Heat Capacity of Ferromagnets and Antiferromagnets

Question

I want to calculates (at least qualitatively) the heat capacities of a ferromagnet and an antiferromagnet, say on a cubic lattice so life is simple. I want to make sure my approach is legit and also ask how to deal with certain regimes.

Ferromagnets:

• Low Temperature $T\ll T_c$: I think in the regimes one uses the dispersion of magnons, $\omega_k = Ak^2$, recognizes these are bosonic quasi-particles and from there it's easy.
• $T\sim T_c$: Here Landau-Ginzburg tells us that phenomenologically $f=tm^2+um^4$, which leads to a discontinuous heat capacity at $T=T_c$.
• High temperature? This is a bit confusing for me. In reality in high temperature a ferromagnet becomes a paramagnet. Then each spin is independent of any other and therefore heat capacity is zero? What if $T>T_c$ but not $\gg T_c$?

Antiferromagnets:

• $T\ll T_c$ is similar to ferromagnets, just the magnons now have two linear branches (instead of one quadratic one)
• I have no idea what happens around $T\sim T_c$.
• Seems to me very high temperature should be the same as ferromagnetic case, but the intermediate temperatures, i.e. $T>T_c$ but not $\gg T_c$, are a complete mystery to me.

Answer 1

Your understanding of the heat capacities in the low temperature ferromagnetic (FM) and antiferromagnetic (AFM) phases are correct. At the critical point, things get tricky because there are critical fluctuations that one has to go beyond the mean-field description and use renormalization groups or scaling arguments to understand the singularity of heat capacity around the critical point. But in the high temperature phase, things get simple again. There is only one single phase in the high-temperature regime: the paramagnetic (PM) phase. In this phase, the spins are disordered and the coupling $J$ is irrelevant in the RG sense, so there are no real distinctions between ferromagnets and antiferromagnets in the PM phase. The heat capacity $C$ always decay with the temperature $T$ as

$$C\sim \frac{NJ^2}{k_B T^2}+\mathcal{O}[T^{-3}],$$

where $J$ is the (effective) spin-spin interaction strength which depends on the microscopic model details.

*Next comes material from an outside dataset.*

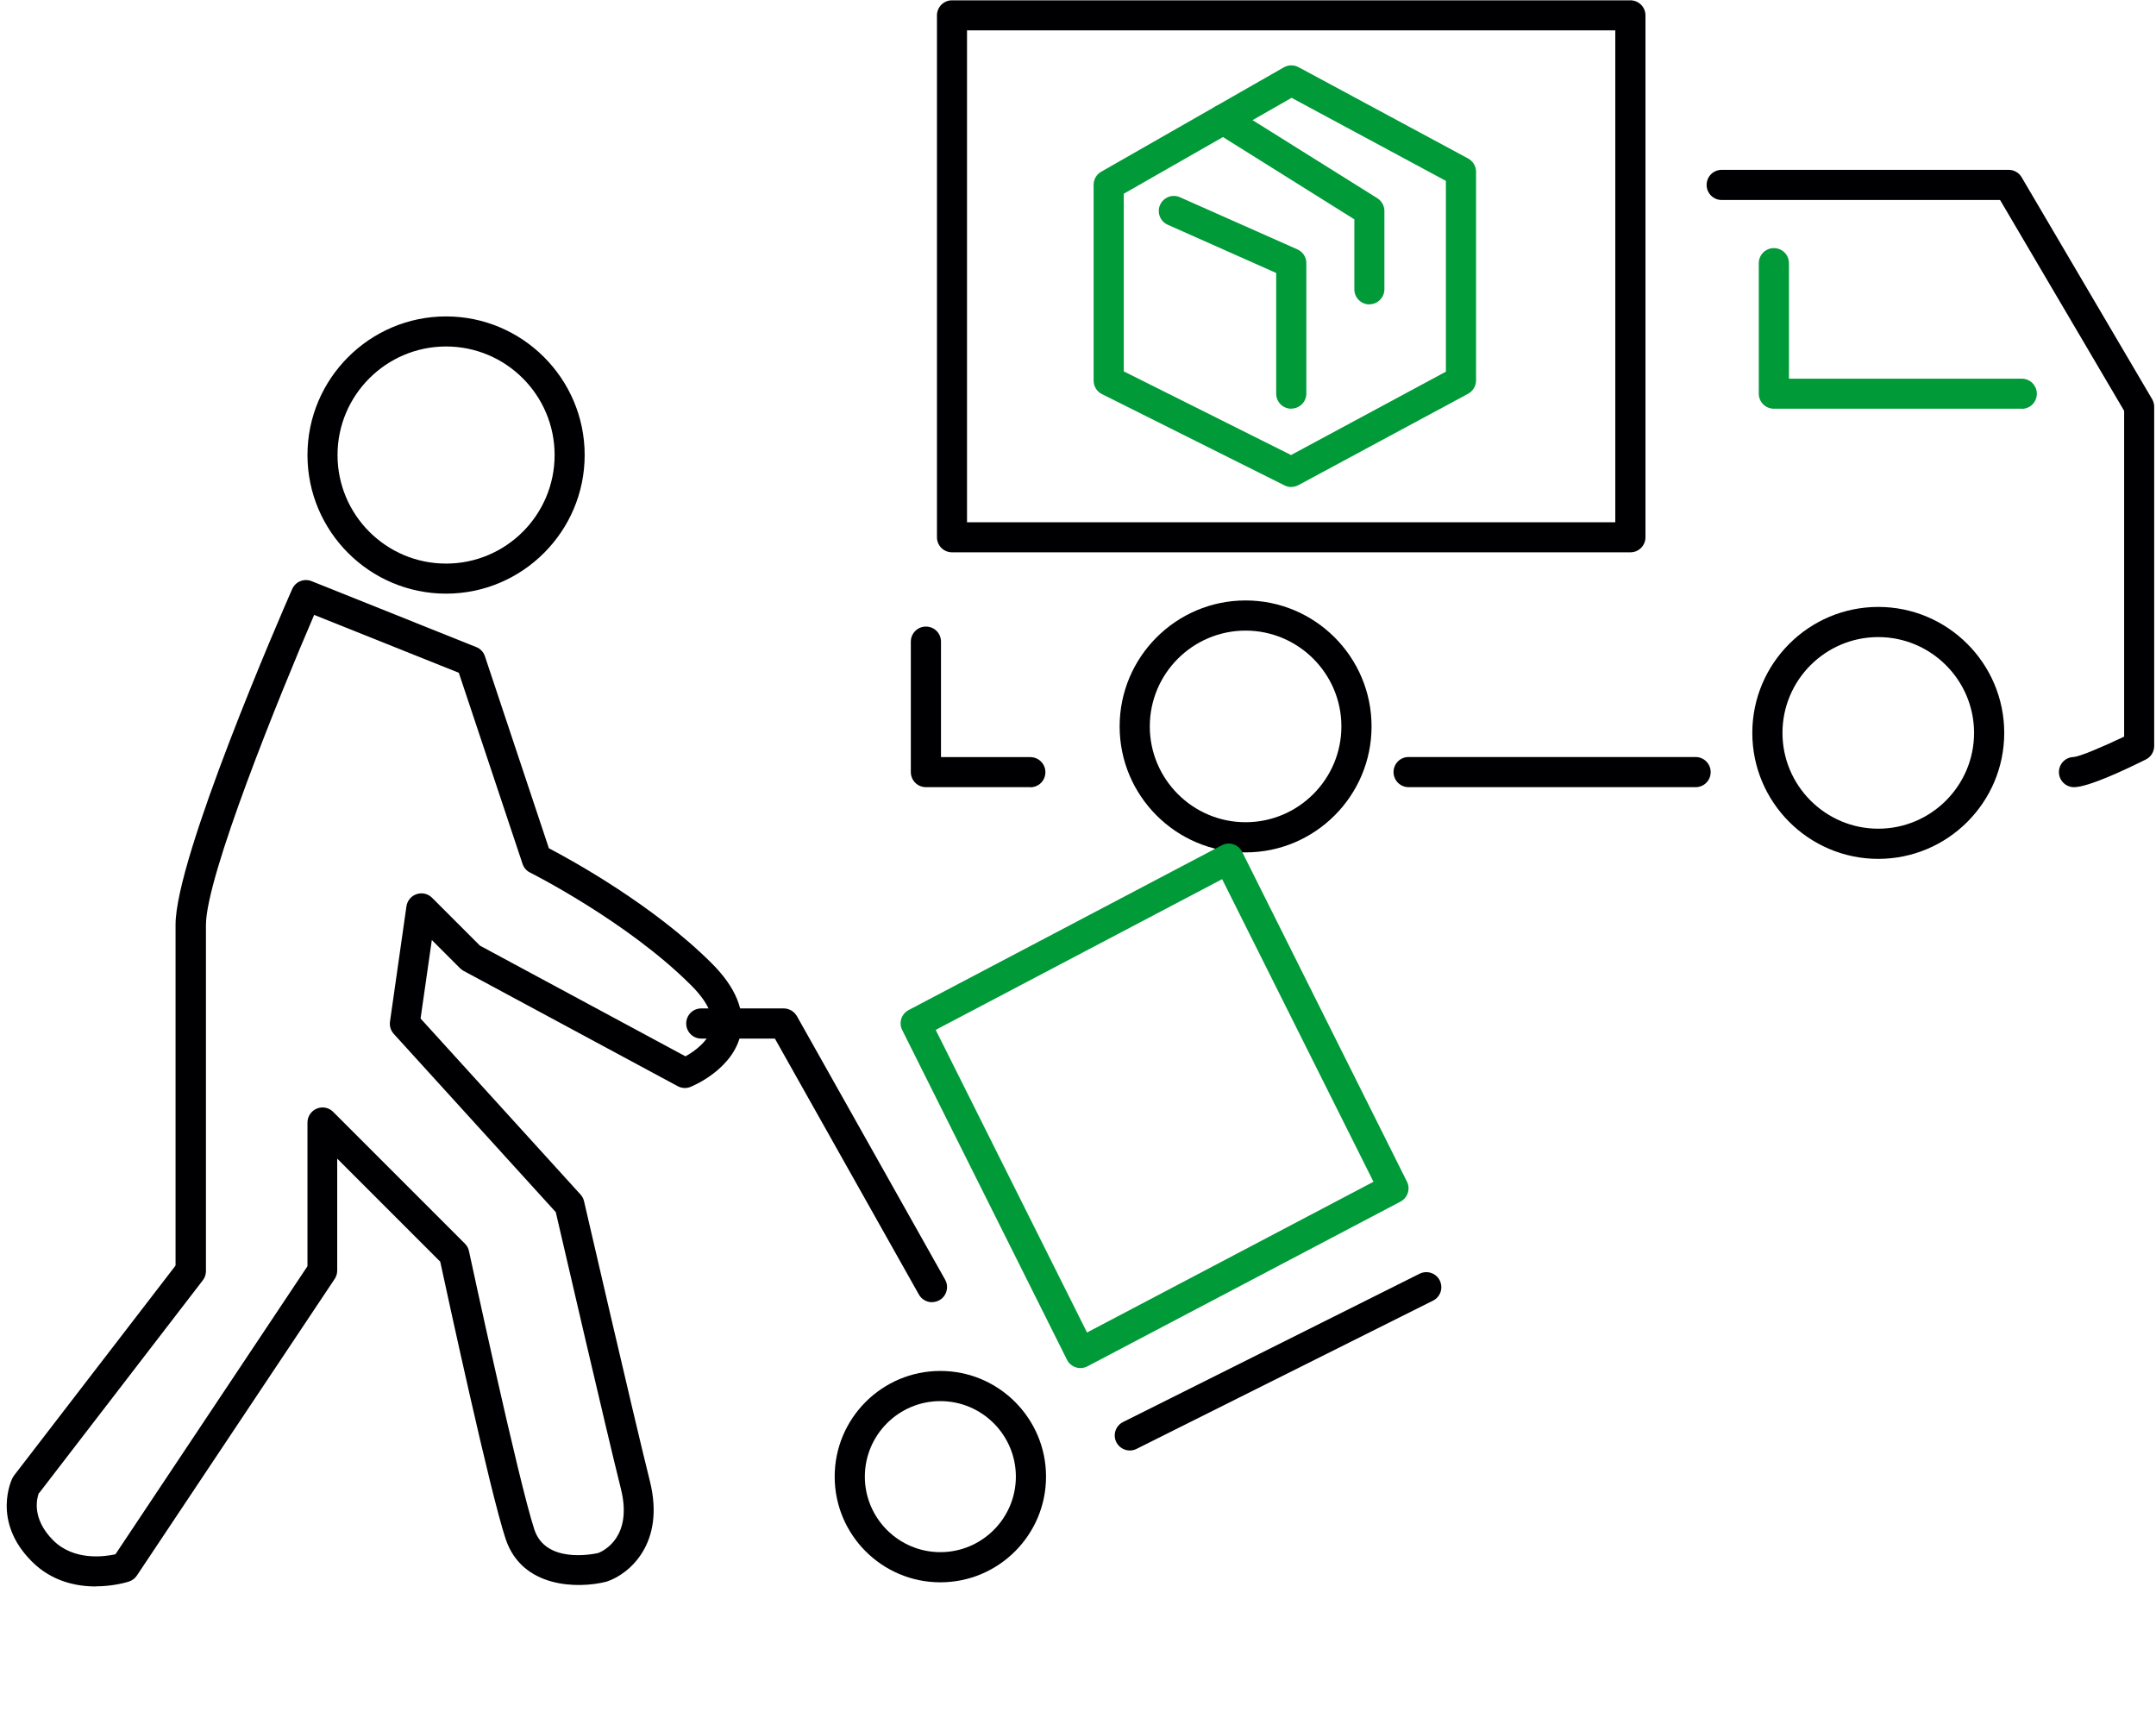 <?xml version="1.0" encoding="UTF-8"?><svg id="d" xmlns="http://www.w3.org/2000/svg" viewBox="0 0 203 163" width="203" height="163"><path d="m241.73,261.36H-38.27c-6.3,0-11.42-5.12-11.42-11.42V-30.05c0-6.3,5.12-11.42,11.42-11.42H241.73c6.3,0,11.42,5.12,11.42,11.42V249.95c0,6.3-5.12,11.42-11.42,11.42ZM-38.27-38.64c-4.73,0-8.58,3.85-8.58,8.58V249.95c0,4.73,3.85,8.58,8.58,8.58H241.73c4.73,0,8.58-3.85,8.58-8.58V-30.05c0-4.73-3.85-8.58-8.58-8.58H-38.27Z" fill="#9fc232"/><g><g><path d="m195.28,74.11c-.78,0-1.42-.63-1.42-1.42s.63-1.41,1.4-1.42c.58-.05,2.76-.97,4.74-1.92v-30.67l-11.68-19.85h-26.21c-.78,0-1.42-.63-1.42-1.42s.63-1.42,1.42-1.42h27.02c.5,0,.97.27,1.22.7l12.28,20.88c.13.22.2.47.2.72v31.94c0,.54-.3,1.03-.78,1.27-1.95.97-5.42,2.61-6.78,2.61Z" fill="#000002"/><path d="m190.36,38.48h-23.34c-.78,0-1.42-.63-1.42-1.42v-12.28c0-.78.63-1.42,1.42-1.42s1.42.63,1.42,1.42v10.87h21.92c.78,0,1.42.63,1.42,1.42s-.63,1.42-1.42,1.42Z" fill="#009a39"/><path d="m153.51,52h-63.87c-.78,0-1.42-.63-1.42-1.42V1.45c0-.78.63-1.42,1.42-1.42h63.87c.78,0,1.42.63,1.42,1.42v49.13c0,.78-.63,1.42-1.42,1.42Zm-62.46-2.83h61.04V2.86h-61.04v46.3Z" fill="#000002"/><path d="m97.01,74.11h-9.83c-.78,0-1.42-.63-1.42-1.42v-12.28c0-.78.63-1.42,1.42-1.42s1.42.63,1.42,1.42v10.87h8.41c.78,0,1.42.63,1.42,1.42s-.63,1.42-1.42,1.42Z" fill="#000002"/><path d="m159.65,74.11h-27.02c-.78,0-1.42-.63-1.42-1.42s.63-1.42,1.42-1.42h27.02c.78,0,1.42.63,1.42,1.42s-.63,1.42-1.42,1.42Z" fill="#000002"/><path d="m121.58,45.85c-.22,0-.43-.05-.63-.15l-17.2-8.6c-.48-.24-.78-.73-.78-1.27v-18.43c0-.51.27-.98.71-1.23l17.2-9.83c.43-.24.94-.25,1.38-.02l15.97,8.6c.46.25.75.73.75,1.25v19.65c0,.52-.29,1-.75,1.25l-15.97,8.6c-.21.11-.44.17-.67.17Zm-15.78-10.89l15.76,7.88,14.58-7.85v-17.96l-14.53-7.82-15.8,9.03v16.73Z" fill="#009a39"/><path d="m128.94,28.66c-.78,0-1.42-.63-1.42-1.42v-6.59l-13.11-8.21c-.66-.42-.86-1.29-.45-1.95.42-.66,1.29-.86,1.95-.45l13.77,8.62c.41.26.67.71.67,1.2v7.37c0,.78-.63,1.42-1.42,1.42Z" fill="#009a39"/><path d="m121.58,38.48c-.78,0-1.42-.63-1.42-1.42v-11.36l-10.21-4.54c-.72-.32-1.04-1.16-.72-1.87.32-.72,1.16-1.04,1.87-.72l11.06,4.91c.51.23.84.73.84,1.29v12.28c0,.78-.63,1.42-1.42,1.42Z" fill="#009a39"/><path d="m117.28,80.25c-6.54,0-11.86-5.32-11.86-11.86s5.32-11.86,11.86-11.86,11.86,5.32,11.86,11.86-5.32,11.86-11.86,11.86Zm0-20.88c-4.98,0-9.02,4.05-9.02,9.02s4.05,9.02,9.02,9.02,9.02-4.05,9.02-9.02-4.05-9.02-9.02-9.02Z" fill="#000002"/><path d="m176.85,80.86c-6.54,0-11.86-5.32-11.86-11.86s5.32-11.86,11.86-11.86,11.86,5.32,11.86,11.86-5.32,11.86-11.86,11.86Zm0-20.88c-4.98,0-9.02,4.05-9.02,9.02s4.05,9.02,9.02,9.02,9.02-4.05,9.02-9.02-4.05-9.02-9.02-9.02Z" fill="#000002"/></g><g><path d="m9.02,149.36c-1.84,0-4.15-.47-6.03-2.36-3.78-3.78-1.9-7.68-1.82-7.84.04-.08.09-.16.14-.23l15.22-19.78v-32.1c0-6.32,9.85-29.03,10.98-31.59.31-.7,1.11-1.03,1.82-.75l15.51,6.21c.39.15.69.47.82.87l6.02,18.07c2.1,1.1,9.84,5.34,15.35,10.85,2.24,2.24,3.15,4.46,2.72,6.59-.69,3.38-4.58,4.97-4.74,5.03-.39.16-.83.13-1.2-.07l-20.17-10.86c-.12-.07-.23-.15-.33-.25l-2.65-2.65-1.06,7.39,15.06,16.57c.16.18.28.4.33.63.05.2,4.67,20.23,6.2,26.35,1.48,5.92-1.99,8.77-4.03,9.45-.03.01-.07.02-.1.03-2.59.65-7.89.64-9.45-4.03-1.46-4.38-5.49-23.01-6.16-26.11l-9.7-9.7v10.54c0,.28-.08.55-.24.79l-18.62,27.92c-.17.26-.43.46-.73.56-.11.04-1.43.46-3.17.46Zm-5.35-8.83c-.19.48-.74,2.4,1.33,4.48,1.94,1.94,4.79,1.56,5.87,1.32l18.08-27.12v-13.53c0-.57.35-1.09.88-1.31.53-.22,1.14-.1,1.54.31l12.41,12.41c.19.19.33.44.38.71.05.22,4.66,21.69,6.16,26.22,1.06,3.17,5.4,2.33,6.01,2.19.49-.19,3.27-1.5,2.13-6.05-1.42-5.69-5.49-23.29-6.13-26.04l-15.26-16.79c-.28-.31-.41-.74-.35-1.15l1.55-10.86c.08-.53.45-.97.96-1.14.51-.17,1.07-.04,1.45.34l4.51,4.51,19.35,10.42c.89-.49,2.21-1.46,2.46-2.7.23-1.14-.42-2.49-1.95-4.01-5.97-5.97-15.05-10.55-15.14-10.59-.34-.17-.59-.46-.71-.82l-6-17.99-13.62-5.45c-3.29,7.64-10.19,24.62-10.19,29.2v32.58c0,.31-.1.62-.29.86l-15.41,20.03Z" fill="#000002"/><path d="m87.76,122.6c-.5,0-.98-.26-1.24-.72l-13.56-24.1h-6.93c-.78,0-1.42-.63-1.42-1.42s.63-1.42,1.42-1.42h7.76c.51,0,.98.28,1.24.72l13.96,24.82c.38.68.14,1.55-.54,1.93-.22.12-.46.18-.69.18Z" fill="#000002"/><path d="m106.38,136.56c-.52,0-1.02-.29-1.27-.78-.35-.7-.07-1.55.63-1.9l27.92-13.96c.7-.35,1.55-.07,1.9.63s.07,1.55-.63,1.9l-27.92,13.96c-.2.1-.42.15-.63.15Z" fill="#000002"/><path d="m101.72,128.8c-.15,0-.29-.02-.43-.07-.36-.12-.66-.37-.83-.72l-15.51-31.03c-.35-.69-.08-1.53.61-1.89l29.48-15.51c.34-.18.73-.21,1.09-.09.36.12.66.37.83.72l15.51,31.03c.35.69.08,1.53-.61,1.89l-29.48,15.51c-.21.11-.43.16-.66.16Zm-13.62-31.84l14.25,28.49,26.97-14.19-14.25-28.49-26.97,14.19Z" fill="#009a39"/><path d="m88.54,148.97c-5.49,0-9.95-4.46-9.95-9.95s4.46-9.95,9.95-9.95,9.95,4.46,9.95,9.95-4.46,9.95-9.95,9.95Zm0-17.06c-3.92,0-7.11,3.19-7.11,7.11s3.19,7.11,7.11,7.11,7.11-3.19,7.11-7.11-3.19-7.11-7.11-7.11Z" fill="#000002"/><path d="m42,55.89c-7.2,0-13.05-5.86-13.05-13.05s5.86-13.05,13.05-13.05,13.05,5.86,13.05,13.05-5.86,13.05-13.05,13.05Zm0-23.27c-5.63,0-10.22,4.58-10.22,10.22s4.58,10.22,10.22,10.22,10.22-4.58,10.22-10.22-4.58-10.22-10.22-10.22Z" fill="#000002"/></g></g></svg>

This form of the specific heat can be argued from general principles of thermodynamics. Let us start from the infinite temperature ($T\to\infty$) limit, where the spins are completely uncorrelated and random. Each individual spin will contribute a finite amount of entropy $s_0$. For example, each Ising spin will give $s_0=k_B \ln 2$ at $T\to\infty$. So the total entropy $S_0=Ns_0$ will be a constant independent of the temperature. As the spins are uncorrelated, the internal energy vanishes as $U_0=0$, so the free energy should be $F_0=U_0-TS_0=-TNs_0$, from which the heat capacity $C_0\equiv -T \partial_T^2 F_0=0$ is zero as expected. Now if we go away from the $T\to\infty$ limit, the free energy should receive some correction order by order from the high-temperature expansion (i.e. we expand the free energy $F(T)$ as a power series of $1/T$):

$$F=F_0+F_1 \left(\frac{J}{k_B T}\right)+F_2 \left(\frac{J}{k_B T}\right)^2+\cdots.$$

Obviously, $J/k_BT$ is the only dimensionless small parameter that controls the high-temperature expansion (because $J$ is the only energy scale in the system to cancle the dimension of $k_BT$). Because the spins are disordered in the PM phase, so $J<0$ (FM coupling) and $J>0$ (AFM coupling) should not make a difference (before the loop diagram appears in the high-temperature expansion). Therefore we know that the linear terms in $J$ must vanish in the free energy, i.e. $F_1=0$. By dimensional analysis, we can show that $F=F_0-aNJ^2/(k_BT)+\cdots$ where $a$ is a dimensionless constant that can be absorbed to the (re)definition of an effective coupling $J$. From this form of the free energy, the heat capacity of the lowest order of $1/T$ in the PM phase can be derived and the result is just as shown above.